Without much ado, we'll jump into the slides. The outline is simple. We're looking at our operating environment, Union Bank update, our H1 financial performance and then some view of the future.

Yes. We'll go straight to Slide #5, which looks at the macroeconomic update. We mentioned a few key highlights here. The monetary policy rate has been stable since the 50 basis points reduction in February. And we don't think it will vary that much going to the end of the year. Oil prices have revolved around $60 to $70 all year. And given the various factors at play, we're of the opinion that the prices will remain in that neighborhood for the remainder of the year. And this is way above our internal benchmark for oil and gas portfolio.

For credit to private sector, the policy rationale of the Central Bank today should accelerate growth of credit to the private sector and will have a positive influence on cost of funds and consequently lower lending rates.

We'll quickly jump to the next Slide 7, where we basically remind us of the ambition of the bank. We desire to be Nigeria's most reliable and trusted banking partner, working seriously to achieving that. We want to be a leader in retail and transaction banking. We also desire to be a leader in citizenship, sustainability and innovation. On the right-hand side of that slide, we present our 2019 priorities that should help us achieve our ambition. Specifically, relating to portfolio diversification, we have reduced our share of oil and gas and power sector in our loan portfolio, while expanding the retail, SME and portion of other critical segments in the economy. It's a focus of ours in 2019, and we're working hard towards that. The ecosystem play for us is very important because we seek deepen our wallet share of the ecosystem around our rich base of corporate customers.

On the next slide, Slide 8. We just provide a glance of the bank as at the end of June 2019. Our total equity of NGN 239 billion, assets NGN 1.7 trillion, ATM were 1,000, debit cards about 4 million, POS 6,700, our customer base 4.9 million. In the middle, we see our stable ratings. These have remained stable for the past few years, and we seek to keep it so going forward.

On the right-hand side. We continue to be recognized for innovation, for our retail play and for our efforts around sustainability and CSR.

Slide 9. We present a picture of our growth, driven by digital evolution. Customer growth from average growth rate over the last 4.5 years is 28%. And this is driven by the digital platforms. You can see growing by 111% for mobile banking. Online banking has grown by 95% on average over the last 1.5 years. And our debit cards have grown by 37% on the average over the same period.

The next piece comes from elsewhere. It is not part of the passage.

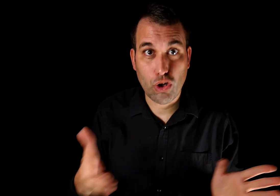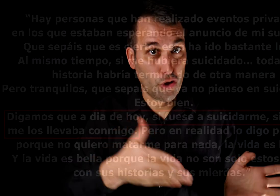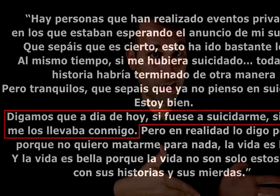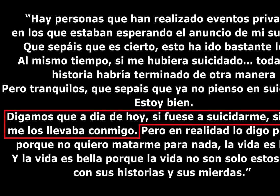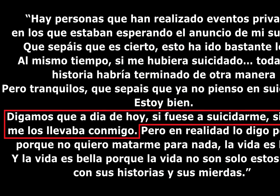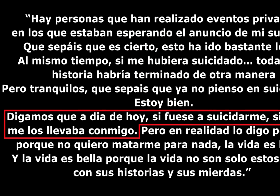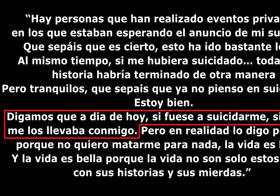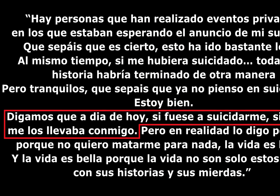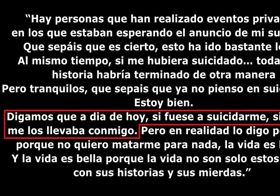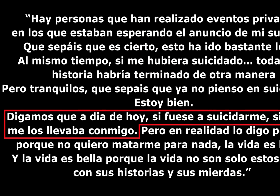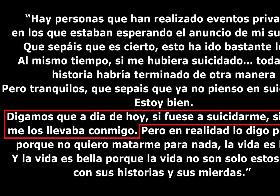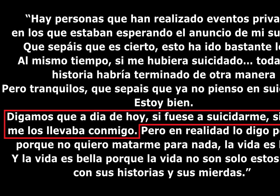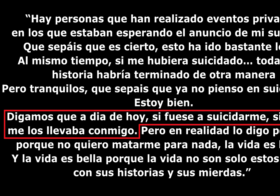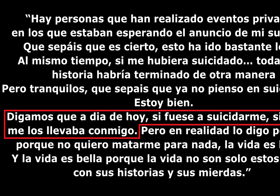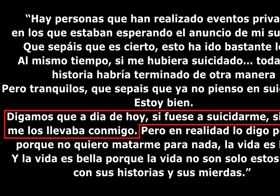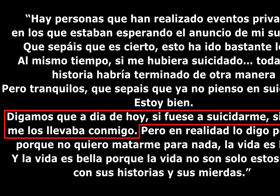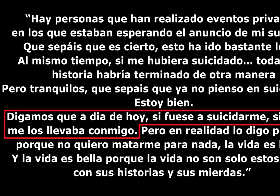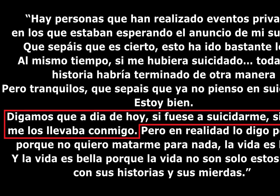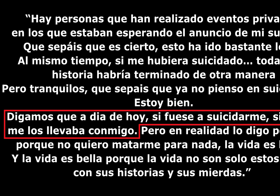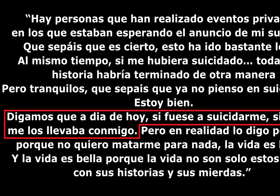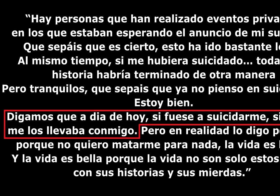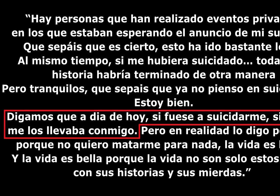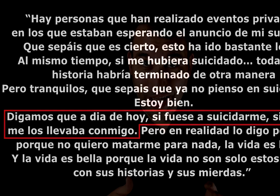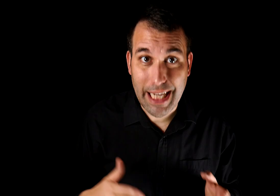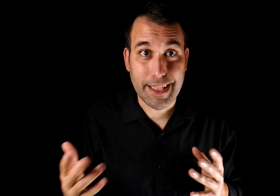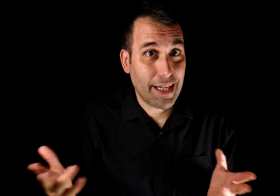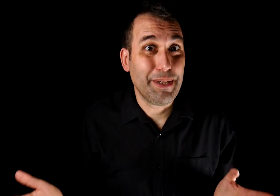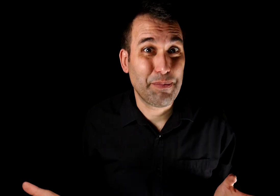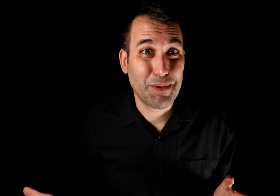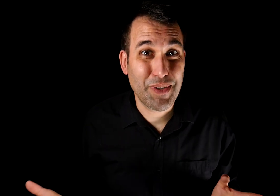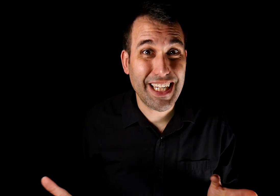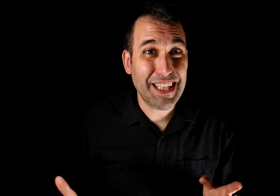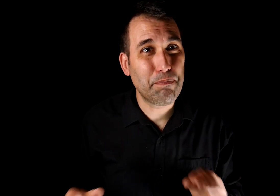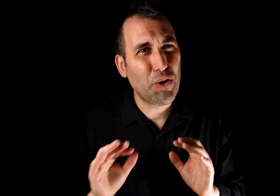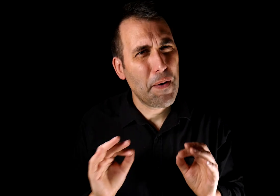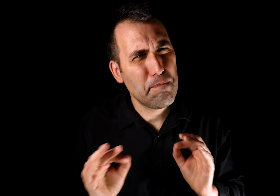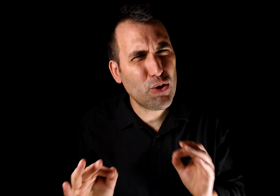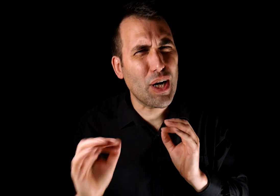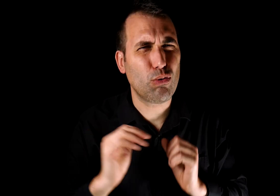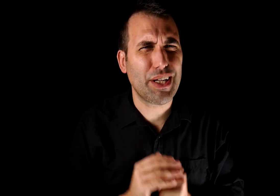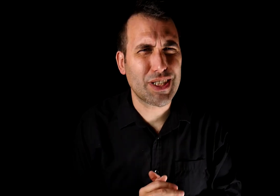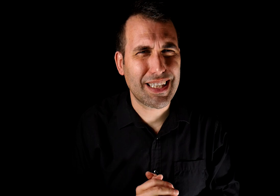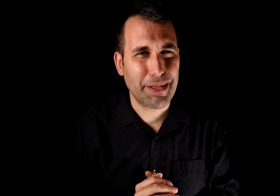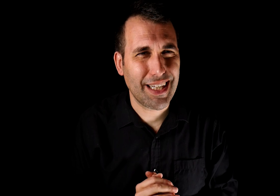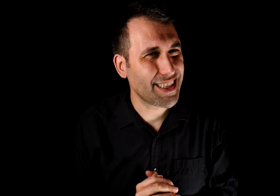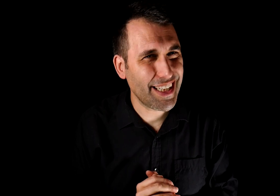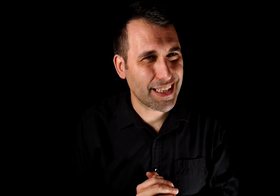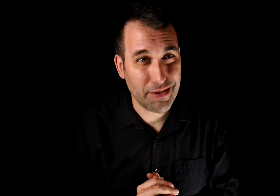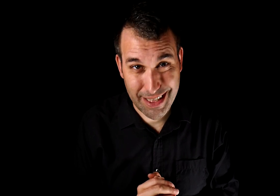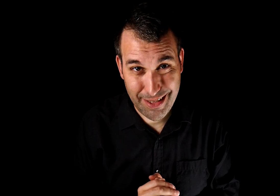que hoy en día preferiría llevárselos con él que irse solo. Así que realmente podemos ver que el tiempo no ha curado exactamente las heridas, ¿no es así?

On Slide 10, we provide some more details of our digital footprint. 96% of our transactions are driven off these platforms, leaving the branch to get over 4%. On the mobile banking platform, we see huge growth both in the user base, the volume and the value of transactions. We see on the ATMs, we are not deploying ATMs for the fun of it. We make sure there is value add, and we see that translate to higher growth in the value by ATM than the count, where we continue to be strategic in deploying ATMs. The item that appears to have declined, which is the volume of online transactions, is a reflection of the migration of transactions from our online platform to the mobile platform, which is more efficient and easy to use and is increasing in value to our customers. We, however, see an increase in the average value of transactions on the online platform, from an average of NGN 640,000 -- from average of NGN 530,000 per transaction in 2018 to NGN 640,000 in 2019. And this speaks to the security and stability of our payment platforms.

On Slide 11, we provide some more details of our achievements in 2019 year-to-date. Our customer acquisition drive continues with an increase of 400,000 customers over the last 6 months. We're keen on gaining market share, higher market share of our customer base with our innovative products. And we're also looking at new customers in special segments: SME, education, technology and with a focus on women.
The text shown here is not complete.